The revision r13-3875-g9e11ceef165bc0 was supposed to speed up the benchmark, but it makes it slower w/ -O2 -flto and PGO: https://lnt.opensuse.org/db_default/v4/SPEC/graph?plot.0=694.437.0 Similar regression can be seen w/o LTO as well: https://lnt.opensuse.org/db_default/v4/SPEC/graph?plot.0=463.437.0
Nope, it wasn't supposed to speedup the benchmark but it indeed (with -Ofast) causes the hot loop kernels to be unswitched. Btw, do we know if train and ref data align up in these loops? Btw, with -Ofast on znver2 I didn't observe any change when benchmarking this. I'm trying to reproduce. OK, so with -O2 -flto -march=znver2 and FDO I get a runtime of 173s while adding -fno-unswitch-loops gets me 188s. There's currently no knob to specifically disable outer loop unswitching so I have to instead patch that up. With -O2 -flto -funswitch-loops (w/o FDO) I get 178s. I'm going to add a --param to allow easier reproduction.

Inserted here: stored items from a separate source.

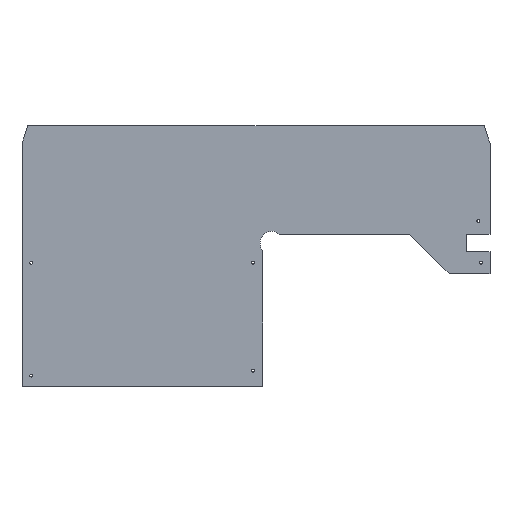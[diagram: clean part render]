
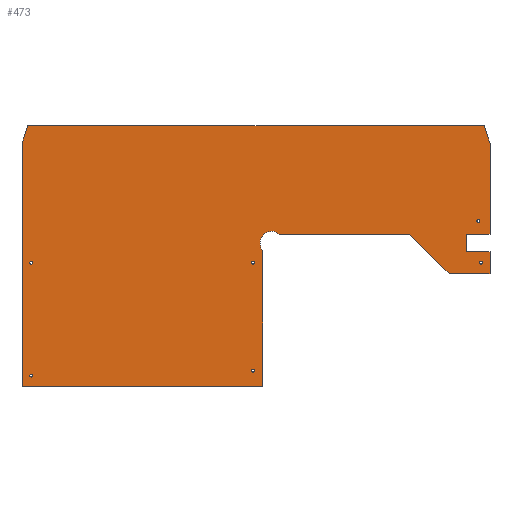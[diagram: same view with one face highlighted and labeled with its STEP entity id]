
A CAD part, top view. The second image highlights one B-rep face of the part: STEP entity #473.
In plain terms, the highlighted planar face has unit normal (0, 0, 1).
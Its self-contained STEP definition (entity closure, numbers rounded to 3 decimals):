
#28=FACE_BOUND('',#100,.T.);
#29=FACE_BOUND('',#101,.T.);
#30=FACE_BOUND('',#102,.T.);
#31=FACE_BOUND('',#103,.T.);
#32=FACE_BOUND('',#104,.T.);
#33=FACE_BOUND('',#105,.T.);
#41=CIRCLE('',#500,2.5);
#42=CIRCLE('',#502,2.5);
#43=CIRCLE('',#504,2.5);
#44=CIRCLE('',#513,2.5);
#45=CIRCLE('',#515,2.5);
#46=CIRCLE('',#517,2.5);
#47=CIRCLE('',#521,20.);
#70=FACE_OUTER_BOUND('',#99,.T.);
#99=EDGE_LOOP('',(#414,#415,#416,#417,#418,#419,#420,#421,#422,#423,#424,
#425,#426,#427,#428));
#100=EDGE_LOOP('',(#429));
#101=EDGE_LOOP('',(#430));
#102=EDGE_LOOP('',(#431));
#103=EDGE_LOOP('',(#432));
#104=EDGE_LOOP('',(#433));
#105=EDGE_LOOP('',(#434));
#106=LINE('',#654,#155);
#123=LINE('',#702,#172);
#125=LINE('',#706,#174);
#131=LINE('',#724,#180);
#134=LINE('',#729,#183);
#135=LINE('',#731,#184);
#137=LINE('',#736,#186);
#139=LINE('',#740,#188);
#142=LINE('',#745,#191);
#143=LINE('',#748,#192);
#148=LINE('',#764,#197);
#150=LINE('',#768,#199);
#152=LINE('',#774,#201);
#154=LINE('',#777,#203);
#155=VECTOR('',#529,10.);
#172=VECTOR('',#564,10.);
#174=VECTOR('',#568,10.);
#180=VECTOR('',#588,10.);
#183=VECTOR('',#593,10.);
#184=VECTOR('',#596,10.);
#186=VECTOR('',#600,10.);
#188=VECTOR('',#604,10.);
#191=VECTOR('',#609,10.);
#192=VECTOR('',#612,10.);
#197=VECTOR('',#631,10.);
#199=VECTOR('',#635,10.);
#201=VECTOR('',#643,10.);
#203=VECTOR('',#647,10.);
#204=VERTEX_POINT('',#652);
#205=VERTEX_POINT('',#653);
#227=VERTEX_POINT('',#701);
#228=VERTEX_POINT('',#705);
#229=VERTEX_POINT('',#709);
#230=VERTEX_POINT('',#713);
#231=VERTEX_POINT('',#717);
#232=VERTEX_POINT('',#721);
#233=VERTEX_POINT('',#723);
#234=VERTEX_POINT('',#727);
#235=VERTEX_POINT('',#733);
#236=VERTEX_POINT('',#735);
#237=VERTEX_POINT('',#739);
#238=VERTEX_POINT('',#743);
#239=VERTEX_POINT('',#747);
#240=VERTEX_POINT('',#751);
#241=VERTEX_POINT('',#755);
#242=VERTEX_POINT('',#759);
#243=VERTEX_POINT('',#763);
#244=VERTEX_POINT('',#767);
#245=VERTEX_POINT('',#773);
#246=EDGE_CURVE('',#204,#205,#106,.T.);
#270=EDGE_CURVE('',#227,#205,#123,.T.);
#272=EDGE_CURVE('',#227,#228,#125,.T.);
#274=EDGE_CURVE('',#229,#229,#41,.T.);
#276=EDGE_CURVE('',#230,#230,#42,.T.);
#278=EDGE_CURVE('',#231,#231,#43,.T.);
#281=EDGE_CURVE('',#233,#232,#131,.T.);
#284=EDGE_CURVE('',#232,#234,#134,.T.);
#285=EDGE_CURVE('',#204,#233,#135,.T.);
#287=EDGE_CURVE('',#236,#235,#137,.T.);
#289=EDGE_CURVE('',#237,#228,#139,.T.);
#292=EDGE_CURVE('',#235,#238,#142,.T.);
#293=EDGE_CURVE('',#239,#236,#143,.T.);
#295=EDGE_CURVE('',#240,#240,#44,.T.);
#297=EDGE_CURVE('',#241,#241,#45,.T.);
#299=EDGE_CURVE('',#242,#242,#46,.T.);
#301=EDGE_CURVE('',#243,#239,#148,.T.);
#303=EDGE_CURVE('',#244,#243,#150,.T.);
#305=EDGE_CURVE('',#234,#244,#47,.T.);
#306=EDGE_CURVE('',#245,#237,#152,.T.);
#308=EDGE_CURVE('',#238,#245,#154,.T.);
#414=ORIENTED_EDGE('',*,*,#246,.F.);
#415=ORIENTED_EDGE('',*,*,#285,.T.);
#416=ORIENTED_EDGE('',*,*,#281,.T.);
#417=ORIENTED_EDGE('',*,*,#284,.T.);
#418=ORIENTED_EDGE('',*,*,#305,.T.);
#419=ORIENTED_EDGE('',*,*,#303,.T.);
#420=ORIENTED_EDGE('',*,*,#301,.T.);
#421=ORIENTED_EDGE('',*,*,#293,.T.);
#422=ORIENTED_EDGE('',*,*,#287,.T.);
#423=ORIENTED_EDGE('',*,*,#292,.T.);
#424=ORIENTED_EDGE('',*,*,#308,.T.);
#425=ORIENTED_EDGE('',*,*,#306,.T.);
#426=ORIENTED_EDGE('',*,*,#289,.T.);
#427=ORIENTED_EDGE('',*,*,#272,.F.);
#428=ORIENTED_EDGE('',*,*,#270,.T.);
#429=ORIENTED_EDGE('',*,*,#274,.T.);
#430=ORIENTED_EDGE('',*,*,#276,.T.);
#431=ORIENTED_EDGE('',*,*,#278,.T.);
#432=ORIENTED_EDGE('',*,*,#299,.T.);
#433=ORIENTED_EDGE('',*,*,#297,.T.);
#434=ORIENTED_EDGE('',*,*,#295,.T.);
#450=PLANE('',#524);
#473=ADVANCED_FACE('',(#70,#28,#29,#30,#31,#32,#33),#450,.T.);
#500=AXIS2_PLACEMENT_3D('',#710,#572,#573);
#502=AXIS2_PLACEMENT_3D('',#714,#577,#578);
#504=AXIS2_PLACEMENT_3D('',#718,#582,#583);
#513=AXIS2_PLACEMENT_3D('',#752,#616,#617);
#515=AXIS2_PLACEMENT_3D('',#756,#621,#622);
#517=AXIS2_PLACEMENT_3D('',#760,#626,#627);
#521=AXIS2_PLACEMENT_3D('',#771,#639,#640);
#524=AXIS2_PLACEMENT_3D('',#778,#648,#649);
#529=DIRECTION('',(0.316,0.949,0.));
#564=DIRECTION('',(-1.,0.,0.));
#568=DIRECTION('',(0.316,-0.949,0.));
#572=DIRECTION('center_axis',(0.,0.,-1.));
#573=DIRECTION('ref_axis',(1.,0.,0.));
#577=DIRECTION('center_axis',(0.,0.,-1.));
#578=DIRECTION('ref_axis',(1.,0.,0.));
#582=DIRECTION('center_axis',(0.,0.,-1.));
#583=DIRECTION('ref_axis',(1.,0.,0.));
#588=DIRECTION('',(1.,0.,0.));
#593=DIRECTION('',(0.,1.,0.));
#596=DIRECTION('',(0.,-1.,0.));
#600=DIRECTION('',(0.,1.,0.));
#604=DIRECTION('',(0.,1.,0.));
#609=DIRECTION('',(-1.,0.,0.));
#612=DIRECTION('',(1.,0.,0.));
#616=DIRECTION('center_axis',(0.,0.,-1.));
#617=DIRECTION('ref_axis',(1.,0.,0.));
#621=DIRECTION('center_axis',(0.,0.,-1.));
#622=DIRECTION('ref_axis',(1.,0.,0.));
#626=DIRECTION('center_axis',(0.,0.,-1.));
#627=DIRECTION('ref_axis',(1.,0.,0.));
#631=DIRECTION('',(0.707,-0.707,0.));
#635=DIRECTION('',(1.,0.,0.));
#639=DIRECTION('center_axis',(0.,0.,-1.));
#640=DIRECTION('ref_axis',(0.661,0.75,0.));
#643=DIRECTION('',(1.,0.,0.));
#647=DIRECTION('',(0.,1.,0.));
#648=DIRECTION('center_axis',(0.,0.,1.));
#649=DIRECTION('ref_axis',(1.,0.,0.));
#652=CARTESIAN_POINT('',(4.,419.5,3.));
#653=CARTESIAN_POINT('',(14.,449.5,3.));
#654=CARTESIAN_POINT('',(-2.586,399.741,3.));
#701=CARTESIAN_POINT('',(798.2,449.5,3.));
#702=CARTESIAN_POINT('',(0.,449.5,3.));
#705=CARTESIAN_POINT('',(808.2,419.5,3.));
#706=CARTESIAN_POINT('',(814.829,399.614,3.));
#709=CARTESIAN_POINT('',(785.7,285.4,3.));
#710=CARTESIAN_POINT('Origin',(788.2,285.4,3.));
#713=CARTESIAN_POINT('',(398.5,28.5,3.));
#714=CARTESIAN_POINT('Origin',(401.,28.5,3.));
#717=CARTESIAN_POINT('',(398.5,214.,3.));
#718=CARTESIAN_POINT('Origin',(401.,214.,3.));
#721=CARTESIAN_POINT('',(418.,1.5,3.));
#723=CARTESIAN_POINT('',(4.,1.5,3.));
#724=CARTESIAN_POINT('',(205.262,1.5,3.));
#727=CARTESIAN_POINT('',(418.,234.771,3.));
#729=CARTESIAN_POINT('',(418.,0.,3.));
#731=CARTESIAN_POINT('',(4.,337.125,3.));
#733=CARTESIAN_POINT('',(808.2,233.,3.));
#735=CARTESIAN_POINT('',(808.2,195.,3.));
#736=CARTESIAN_POINT('',(808.2,209.875,3.));
#739=CARTESIAN_POINT('',(808.2,263.,3.));
#740=CARTESIAN_POINT('',(808.2,243.875,3.));
#743=CARTESIAN_POINT('',(768.047,233.,3.));
#745=CARTESIAN_POINT('',(813.047,233.,3.));
#747=CARTESIAN_POINT('',(737.8,195.,3.));
#748=CARTESIAN_POINT('',(737.8,195.,3.));
#751=CARTESIAN_POINT('',(17.5,20.,3.));
#752=CARTESIAN_POINT('Origin',(20.,20.,3.));
#755=CARTESIAN_POINT('',(17.5,214.,3.));
#756=CARTESIAN_POINT('Origin',(20.,214.,3.));
#759=CARTESIAN_POINT('',(790.547,214.,3.));
#760=CARTESIAN_POINT('Origin',(793.047,214.,3.));
#763=CARTESIAN_POINT('',(669.8,263.,3.));
#764=CARTESIAN_POINT('',(737.8,195.,3.));
#767=CARTESIAN_POINT('',(446.229,263.,3.));
#768=CARTESIAN_POINT('',(446.229,263.,3.));
#771=CARTESIAN_POINT('Origin',(433.,248.,3.));
#773=CARTESIAN_POINT('',(768.047,263.,3.));
#774=CARTESIAN_POINT('',(768.047,263.,3.));
#777=CARTESIAN_POINT('',(768.047,263.,3.));
#778=CARTESIAN_POINT('Origin',(406.524,224.75,3.));

So with --param max-unswitch-depth=1 and -O2 -flto -march=znver2 + FDO I get 176s which is slower than with unswitching outer loops. Means I cannot reproduce (at least with this specific feature, aka this revision).
The master branch has been updated by Richard Biener <rguenth@gcc.gnu.org>: https://gcc.gnu.org/g:5b50850c3c6f2eceb8012dcc8d3cd5ddd94fac6c commit r13-4458-g5b50850c3c6f2eceb8012dcc8d3cd5ddd94fac6c Author: Richard Biener <rguenther@suse.de> Date: Thu Dec 1 16:14:14 2022 +0100 Add --param max-unswitch-depth The following adds a --param to limit the depth of unswitched loop nests. One can use --param max-unswitch-depth=1 to disable unswitching of outer loops (the innermost loop will then be unswitched). PR tree-optimization/107946 * params.opt (-param=max-unswitch-depth=): New. * doc/invoke.texi (--param=max-unswitch-depth): Document. * tree-ssa-loop-unswitch.cc (init_loop_unswitch_info): Honor --param=max-unswitch-depth
The data found for other machines/flags is also rather inconclusive with ups and downs.
GCC 13.1 is being released, retargeting bugs to GCC 13.2.
GCC 13.2 is being released, retargeting bugs to GCC 13.3.
This regression is still there (as the graphs linked in the summary show).
GCC 13.3 is being released, retargeting bugs to GCC 13.4.